I have spent the past year plus in and out of hospitals, clinics, doctor’s offices, blood labs, infusion centers, had MRIs, CT scans, x-rays, testing for breathing, allergies, vestibular dysfunction, and immunology deficiency. I have tried different biologics, had adverse reactions to other medications, am currently on monthly infusions, plus a full Vera Bradley bag full of other medications. I should have stock in CVS, my favorite store these daysJ Y’all know what I mean, right?! When you feel like crap, so when you pick up your medication, you shop for a few key items, dinner and breakfast and maybe a few drinks, but they have to be gluten and lactose free, so it can be a challenge. I used to just be another customer, but now I am the one who gets a zillion prescriptions and also buys stuff with it AND uses coupons. I’ve become one of those people, all because I have Back2BackARTHRITIS.


It’s taken me almost a year to get back to writing this Blog. I have not felt well. There has also been the question of exactly what was going on with me. I did not want to write as an imposter. However, we are all diagnoses in process. Things are changing continuously. I have Sjogren’s Syndrome. I am being treated for Rheumatoid Arthritis and have all the signs and symptoms. When I was in school with the medical students we were taught, if it walks like a duck and looks like a duck, then it is likely a duck. I have other symptoms and may have other things going on as well, but for simplicity’s sake for now, we’ll call it OA, RA, Sjogren’s – the top 3.

Yes, my life has changed significantly. And yes, there has been a lot of pain even as I type these words now. I have never ever thought of quitting. I have thought, “ How the heck am I going to make this work?” on several occasions. However, I continue to get up every day and do the best that I can on that day, even if my best is not very much as it was today. Today was not a good pain day, it was a high fatigue day, but I made it through, and hopefully tomorrow will be better. All that I can do is my best on every single day!

Pain is nothing compared to what it feels like to quit. Author Unknown


My plan and goal with this Back2BackARTHRITIS Blog is to talk about various aspects related to arthritis and life with arthritis coming from the perspective of a Doctor of Physical Therapy who has practiced for over 30 years. In addition, my 2nd arthritis arrived just about when I was planning my long awaited empty-nest after raising 3 great children. I will also be chatting about what it’s like to reinvent yourself when –

Life is what happens to us while we are making other plans.

We need to keep the good, but always be moving forwards with our lives.

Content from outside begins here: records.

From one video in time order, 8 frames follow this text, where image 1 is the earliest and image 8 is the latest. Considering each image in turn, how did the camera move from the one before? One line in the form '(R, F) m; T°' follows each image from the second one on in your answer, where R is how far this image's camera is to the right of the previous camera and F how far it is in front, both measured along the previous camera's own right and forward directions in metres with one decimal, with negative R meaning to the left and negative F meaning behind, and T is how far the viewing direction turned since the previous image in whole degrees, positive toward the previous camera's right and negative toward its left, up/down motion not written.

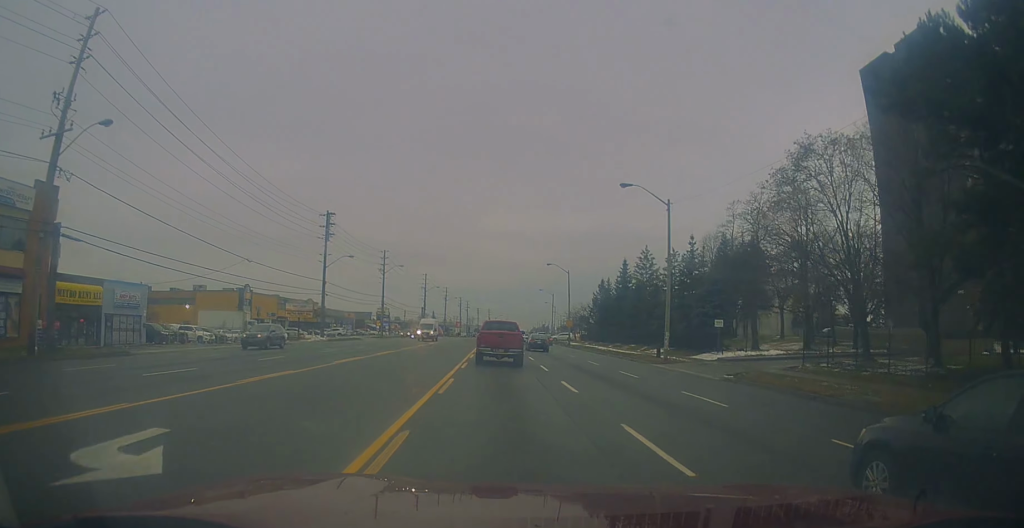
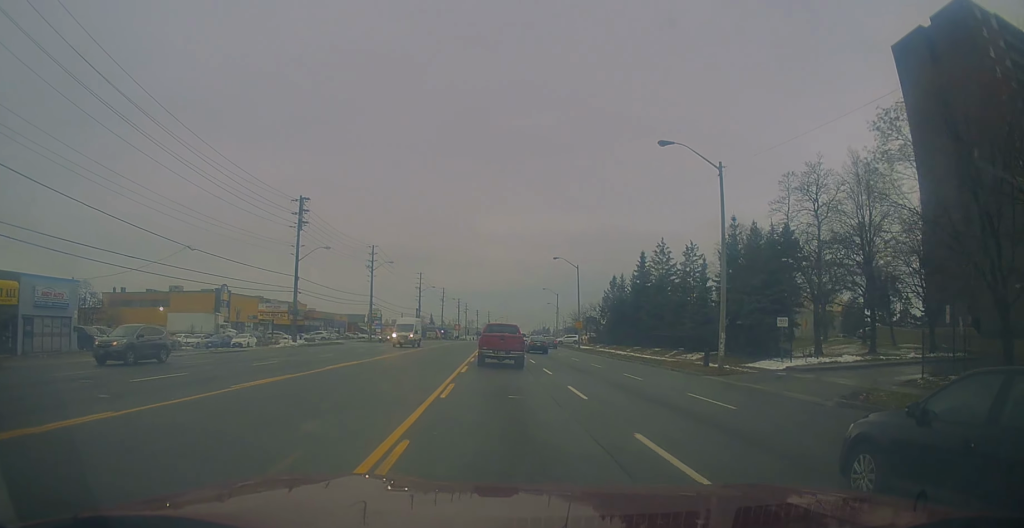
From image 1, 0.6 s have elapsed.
(-0.3, +9.6) m; 0°
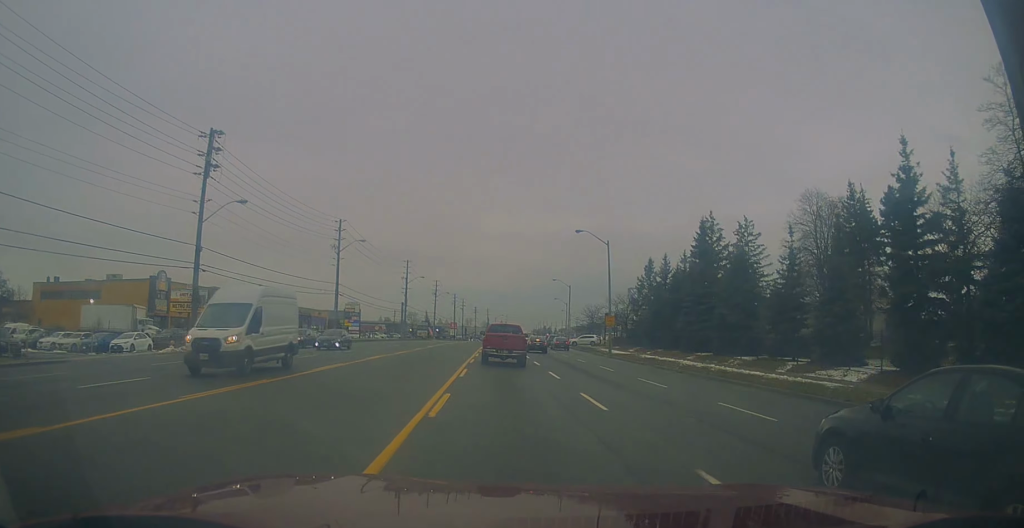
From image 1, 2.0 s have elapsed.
(+0.6, +20.1) m; +2°
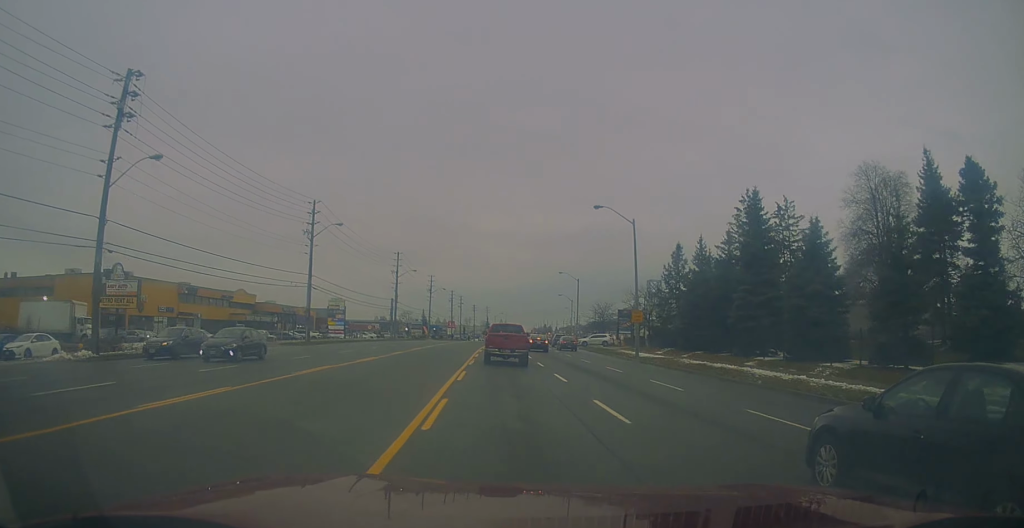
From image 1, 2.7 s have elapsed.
(-0.2, +10.6) m; -1°
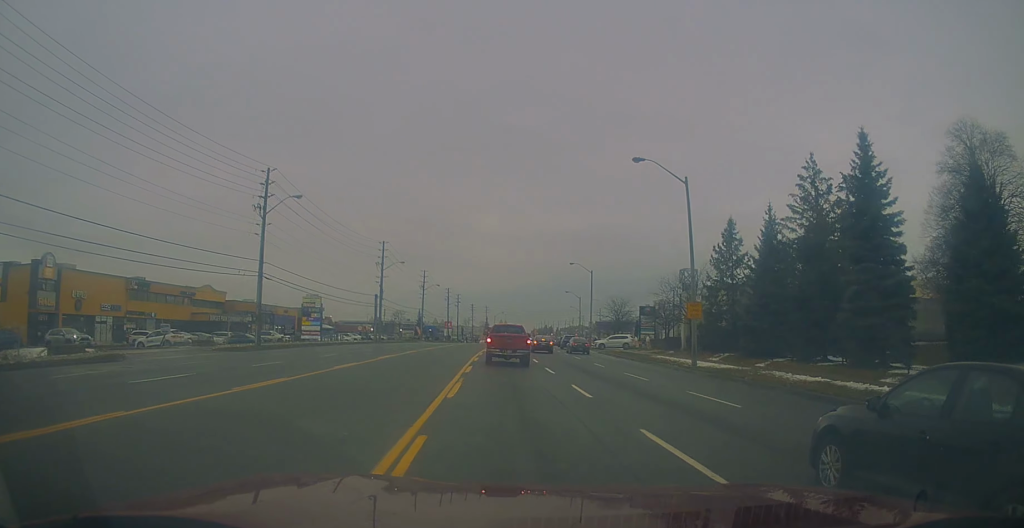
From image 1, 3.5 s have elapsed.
(-0.3, +13.2) m; -1°
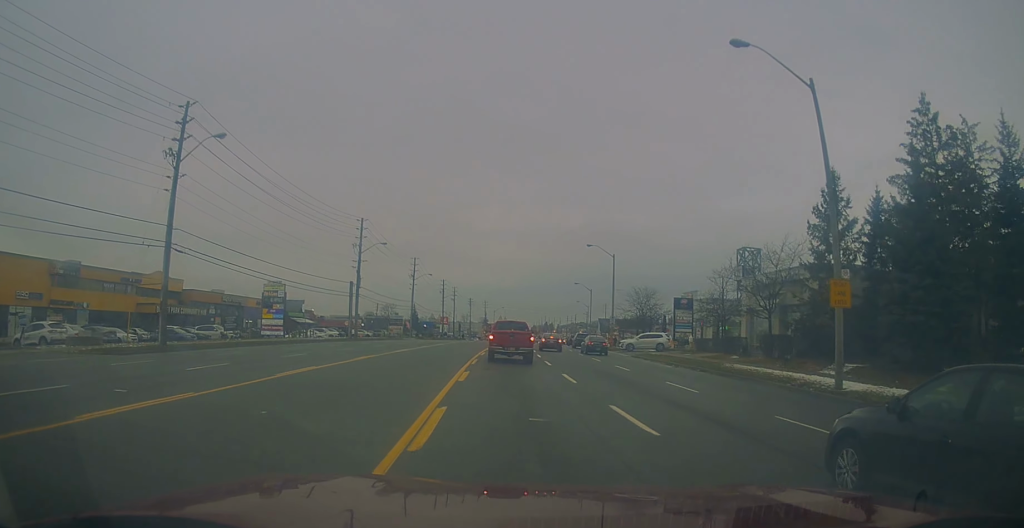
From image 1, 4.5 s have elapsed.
(0.0, +14.7) m; +1°
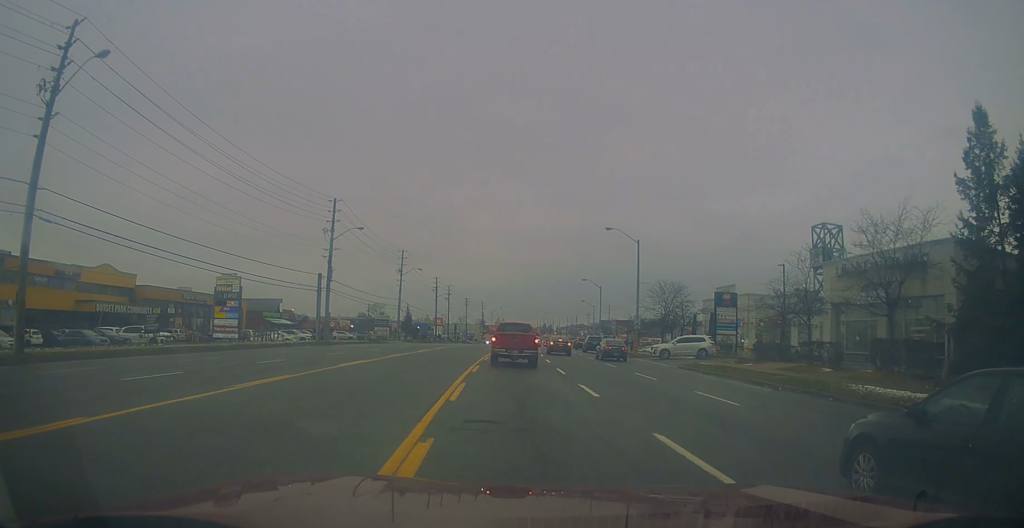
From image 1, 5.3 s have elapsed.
(0.0, +12.2) m; +2°
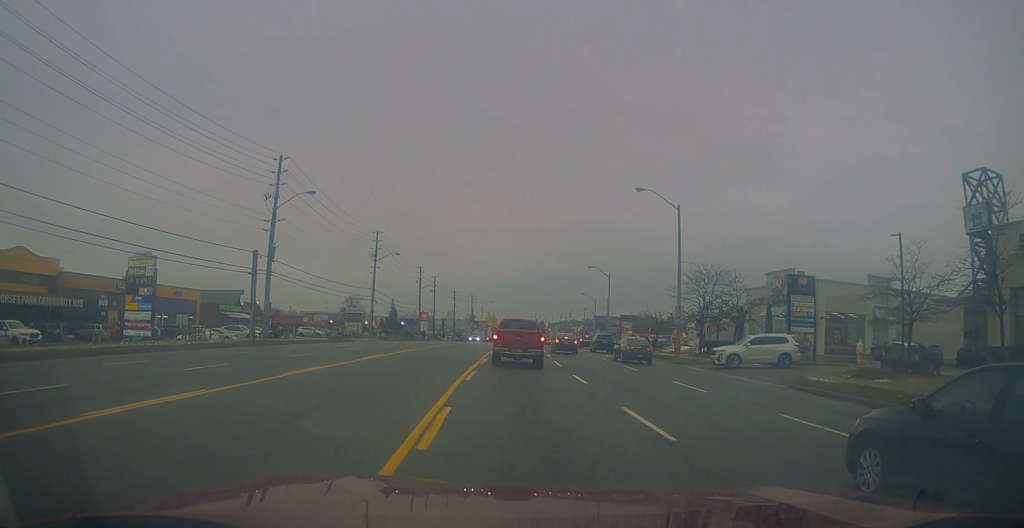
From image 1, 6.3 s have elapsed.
(+0.6, +14.5) m; 0°

Life is a balance of hanging on and letting go.


So, let’s have some fun, share some stories, maybe answer some questions, definitely create more questions, and go through this thing called life together. We all have an invisible disease of some type, an autoimmune disease, maybe arthritis, maybe something else. Or possibly you are caring for someone or living with someone with such a disease. It’s a marathon and we are all in it for the long haul, so let’s make the most of it!



DocMAW_Co @Instagram

DrMaryAnnWilmarth@Back2BackPT @Twitter




What is your happy place?

Then? And now?

Pre- & Post-ChronicLife?

Are they the same?

Does it matter?

Can it be the same, yet you do different things?

At your Happy Place 🙂


Post Your answers to any of the above-mentioned

Regarding your HAPPY PLACE

On any or ALL of the following:


DocMAW_Co @Instagram

DrMaryAnnWilmarth@Back2BackPT @Twitter

My 1-minute This is Me Speech 

My invisible illness is Back2BackArthritis – OA/RA, Sjogren’s Syndrome & additional autoimmune diseases. My story is that I’m a Doctor of Physical Therapy, former athlete, empty nester of 3 awesome young adults (yes I’m biased!), and I seriously want to get a mini-house & take a gap-year of sorts! My happy place is the beach!…by the ocean with my feet in the sand and the wind in my hair or me entirely in the water… It used to be skiing in the winter when I was younger and without knee issues & OA, & sailing in the summer, until I discovered windsurfing. And I always try to ‘keep calm & look on the bright side of life’ because…it sure beats the alternative and if it worked for Monty Python, then by George, it must be good, right?!